Spatial-Related Sensors Matters: 3D Human Motion Reconstruction Assisted with Textual Semantics

Authors: Xueyuan Yang, Chao Yao, Xiaojuan Ban

AAAI 2024 | Conference PDF | Archive PDF | Plain Text | LLM Run Details

Reproducibility Variable Result LLM Response
Research Type Experimental Experimental results demonstrate our proposed approach achieves significant improvements in multiple metrics compared to existing methods. Notably, with textual supervision, our method not only differentiates between ambiguous actions such as sitting and standing but also produces more precise and natural motion.
Researcher Affiliation Academia Xueyuan Yang 1,2, Chao Yao1,2*, Xiaojuan Ban1,2,3,4* 1Beijing Advanced Innovation Center for Materials Genome Engineering, Beijing 100083, China. 2University of Science and Technology Beijing, Beijing 100083, China. 3Key Laboratory of Intelligent Bionic Unmanned Systems, Ministry of Education, Beijing 100083, China. 4Institute of Materials Intelligent Technology, Liaoning Academy of Materials, Shenyang 110004, China. m202210673@xs.ustb.edu.cn,{yaochao, banxj}@ustb.edu.cn
Pseudocode No The paper describes its modules and processes through text and diagrams (e.g., Figure 2) but does not include any explicitly labeled 'Pseudocode' or 'Algorithm' blocks.
Open Source Code No The paper does not contain any explicit statement about releasing its source code for the described methodology, nor does it provide a link to a code repository.
Open Datasets Yes We utilized the Babel dataset (Punnakkal et al. 2021) for semantic annotations... For the DIP-IMU dataset (Huang et al. 2018)... The AMASS dataset... Totalcapture dataset (Trumble et al. 2017)...

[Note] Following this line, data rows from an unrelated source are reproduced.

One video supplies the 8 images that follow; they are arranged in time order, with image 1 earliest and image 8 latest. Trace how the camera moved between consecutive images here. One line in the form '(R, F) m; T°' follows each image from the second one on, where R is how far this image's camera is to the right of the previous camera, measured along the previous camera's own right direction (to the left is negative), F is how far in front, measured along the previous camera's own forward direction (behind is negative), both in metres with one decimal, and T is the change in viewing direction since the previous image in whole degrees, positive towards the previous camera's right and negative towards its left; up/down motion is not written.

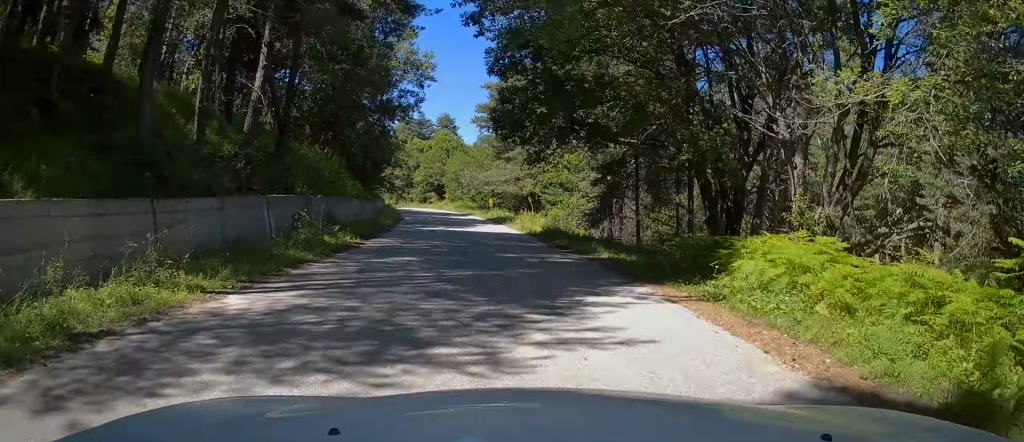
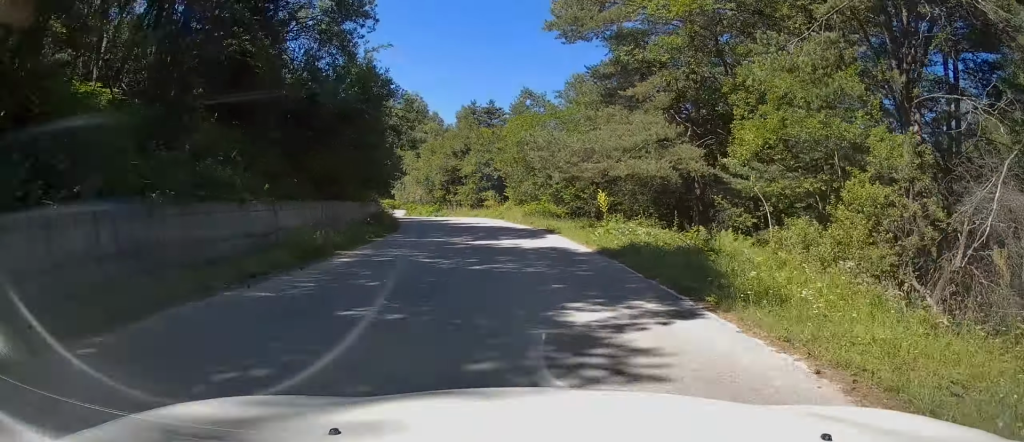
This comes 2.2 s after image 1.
(-3.6, +29.2) m; -11°
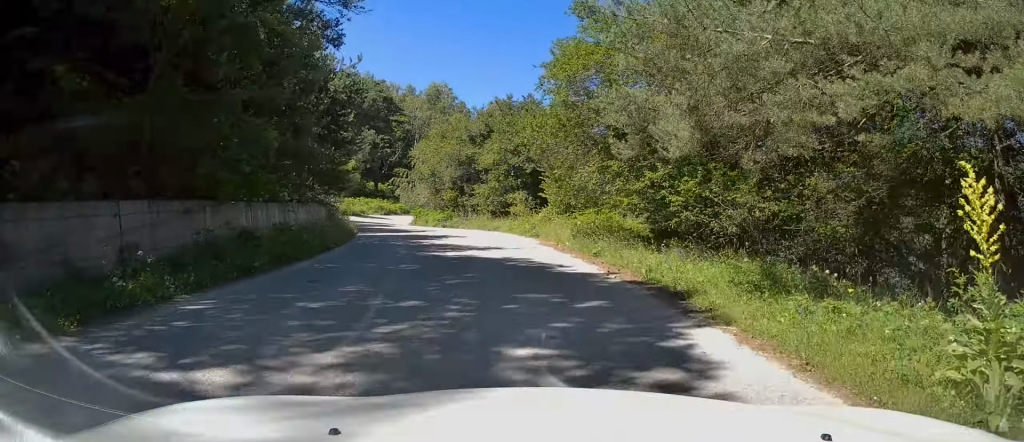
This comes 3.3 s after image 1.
(-0.2, +15.4) m; -4°
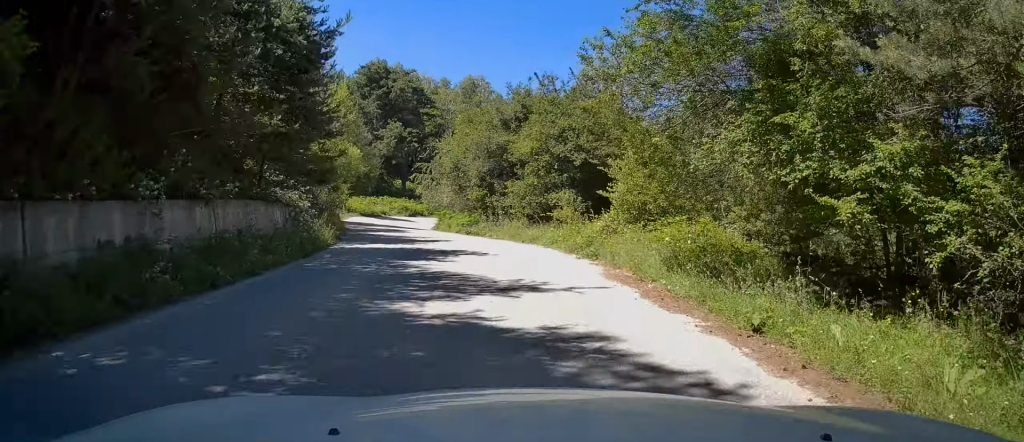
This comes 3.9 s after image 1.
(-0.5, +7.5) m; -3°
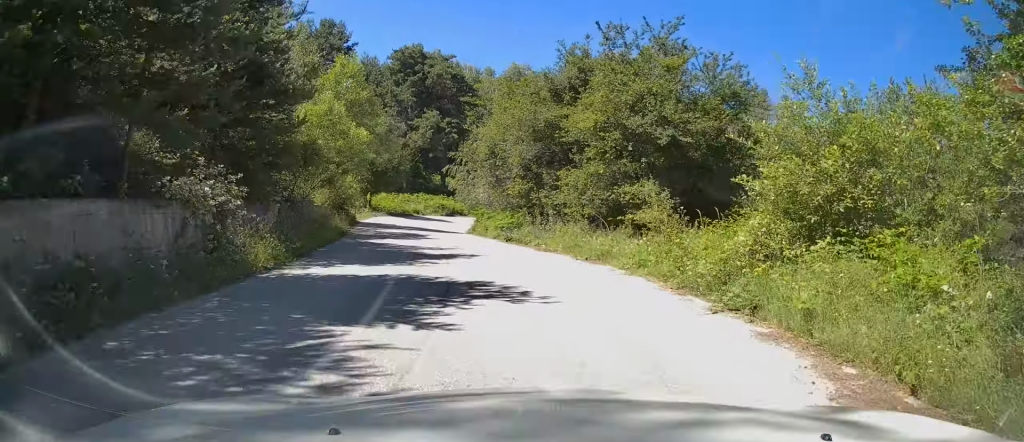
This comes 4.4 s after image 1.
(-0.1, +7.0) m; -3°
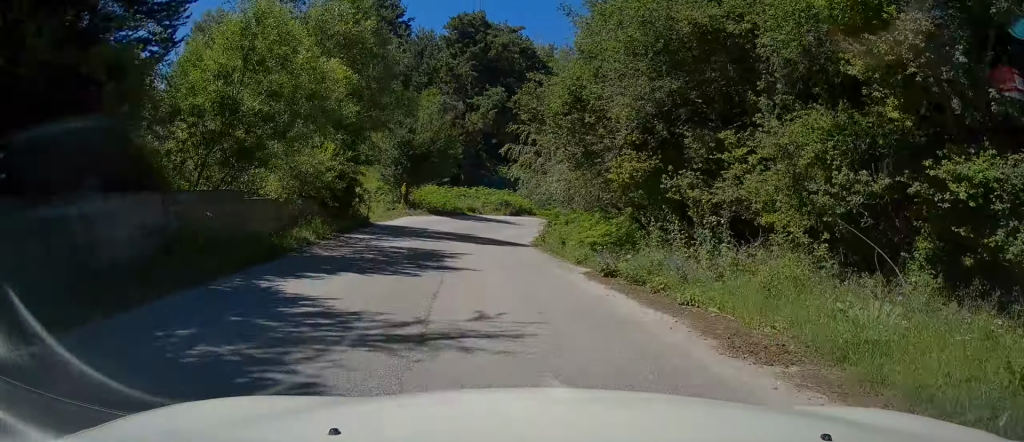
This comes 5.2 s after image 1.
(-0.3, +10.9) m; -3°
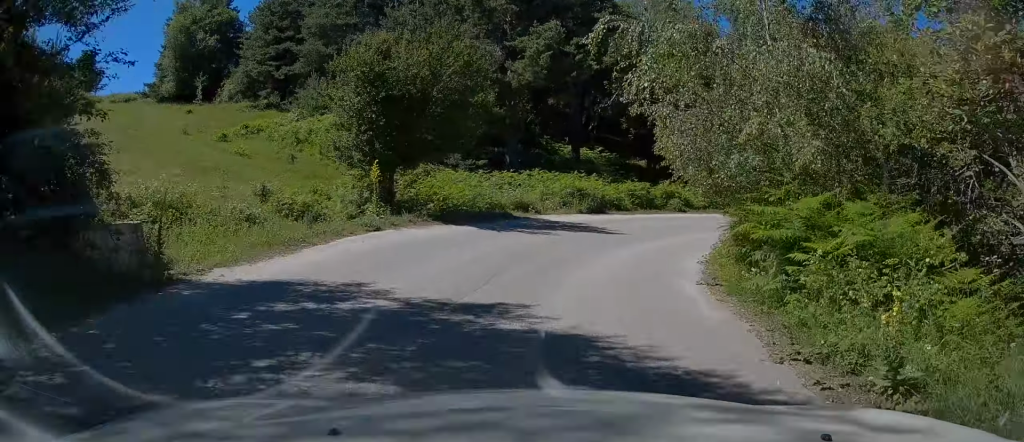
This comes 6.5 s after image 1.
(-0.5, +16.7) m; 0°
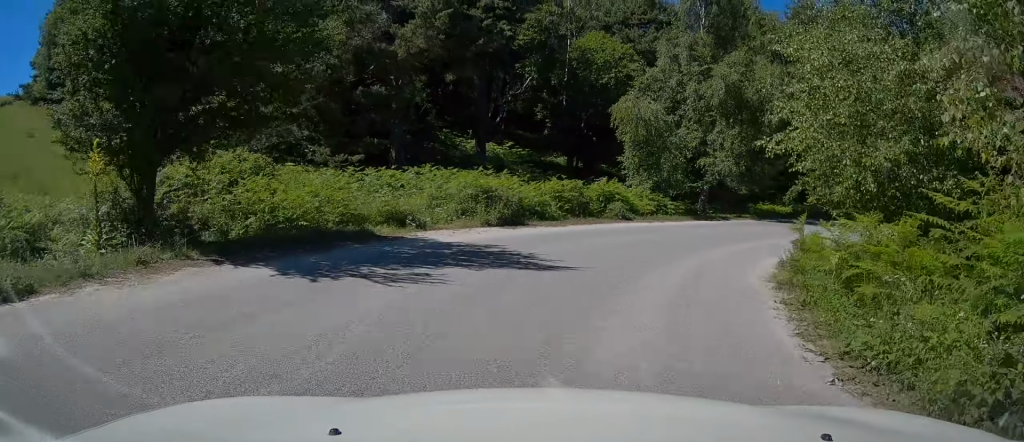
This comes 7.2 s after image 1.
(0.0, +7.9) m; +7°

Dataset Splits No The paper mentions using specific subjects for 'evaluation' (Subjects 9 and 10 from DIP-IMU) and the rest for 'training', but it does not specify a distinct 'validation' dataset split or its size for hyperparameter tuning or early stopping, which is common in machine learning contexts.

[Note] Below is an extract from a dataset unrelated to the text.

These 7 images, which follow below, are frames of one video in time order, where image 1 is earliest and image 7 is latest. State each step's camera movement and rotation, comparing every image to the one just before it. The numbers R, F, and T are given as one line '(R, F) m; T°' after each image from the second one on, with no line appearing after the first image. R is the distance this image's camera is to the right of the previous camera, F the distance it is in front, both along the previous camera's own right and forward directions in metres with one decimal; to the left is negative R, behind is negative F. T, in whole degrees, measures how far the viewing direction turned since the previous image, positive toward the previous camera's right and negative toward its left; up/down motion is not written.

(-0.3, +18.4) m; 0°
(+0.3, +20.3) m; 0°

Hardware Specification Yes The entire training and evaluation regimen was conducted on a system equipped with 1 Intel(R) Xeon(R) Silver 4110 CPU and 1 NVIDIA Ge Force RTX 2080 Ti GPU.
Software Dependencies Yes Our model was developed using Py Torch 1.13.0, further accelerated by CUDA 11.6.
Experiment Setup Yes Our model configuration sets the input sequence length T at 80 frames, with a window and shifted size of 20 and 10 frames, respectively, and a threshold of M being 15. The training process, utilizing a batch size of 40, incorporates the Adam optimizer (Kingma and Ba 2017) initialized with a learning rate of 2e-5. To balance the magnitude of the loss, we set λ and α to 1, β to 10, δ to 0.1, and γ to 0.01.